GMP stands for Good Manufacturing Practices, which is a system used in the pharmaceutical industry to make sure that goods are regularly produced and monitored in accordance with quality standards. The FDA’s current Good Manufacturing Practices requirements are referred to as cGMP or current GMP which indicates that the company follows the most recent GMP specifications. The World Health Organization (WHO) has its own set of GMP guidelines, called the WHO GMP. Different countries can also set their own guidelines for GMP like China (Chinese GMP) or the EU (EU GMP).
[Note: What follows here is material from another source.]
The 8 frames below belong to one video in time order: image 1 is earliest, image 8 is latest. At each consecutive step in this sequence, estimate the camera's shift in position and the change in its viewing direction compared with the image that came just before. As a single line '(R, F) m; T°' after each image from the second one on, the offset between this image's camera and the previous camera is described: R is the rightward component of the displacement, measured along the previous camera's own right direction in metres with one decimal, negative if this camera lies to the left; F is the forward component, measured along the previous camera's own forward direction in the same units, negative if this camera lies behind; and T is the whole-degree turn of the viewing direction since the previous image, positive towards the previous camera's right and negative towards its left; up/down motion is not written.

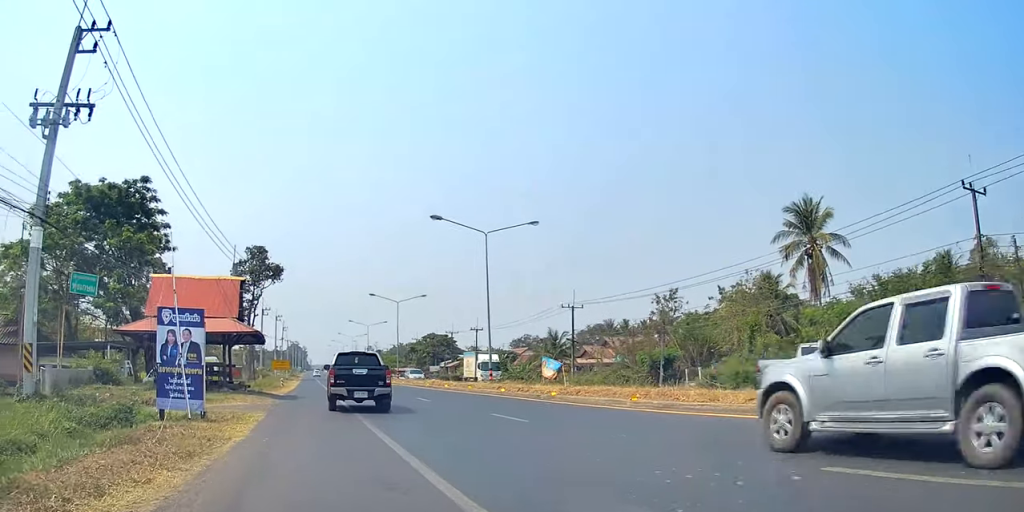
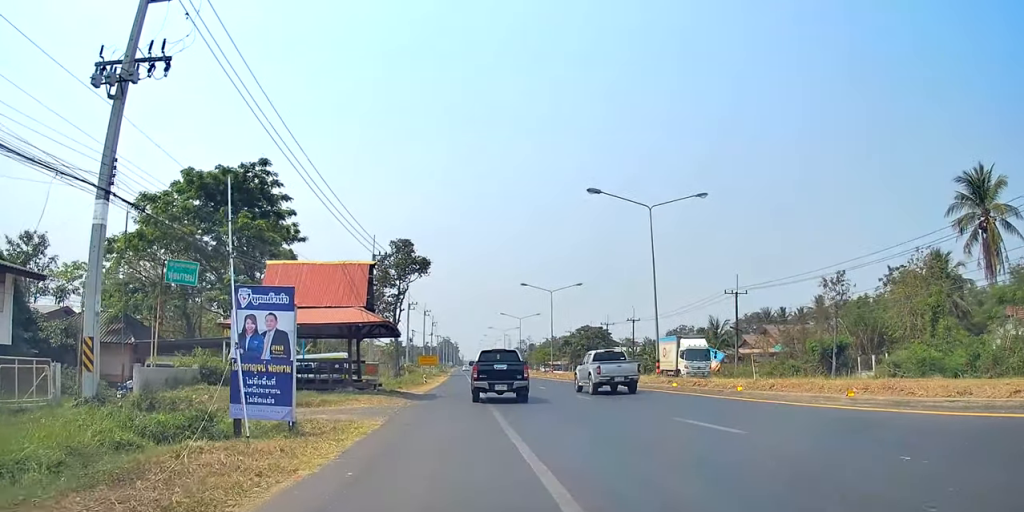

PharmaCompass offers a list of Visomitin GMP manufacturers, exporters & distributors, which can be sorted by USDMF, JDMF, KDMF, CEP (COS), WC, API price, and more, enabling you to easily find the right Visomitin GMP manufacturer or Visomitin GMP API supplier for your needs.
A Visomitin CoA (Certificate of Analysis) is a formal document that attests to Visomitin's compliance with Visomitin specifications and serves as a tool for batch-level quality control.
Visomitin CoA mostly includes findings from lab analyses of a specific batch. For each Visomitin CoA document that a company creates, the USFDA specifies specific requirements, such as supplier information, material identification, transportation data, evidence of conformity and signature data.
Visomitin may be tested according to a variety of international standards, such as European Pharmacopoeia (Visomitin EP), Visomitin JP (Japanese Pharmacopeia) and the US Pharmacopoeia (Visomitin USP).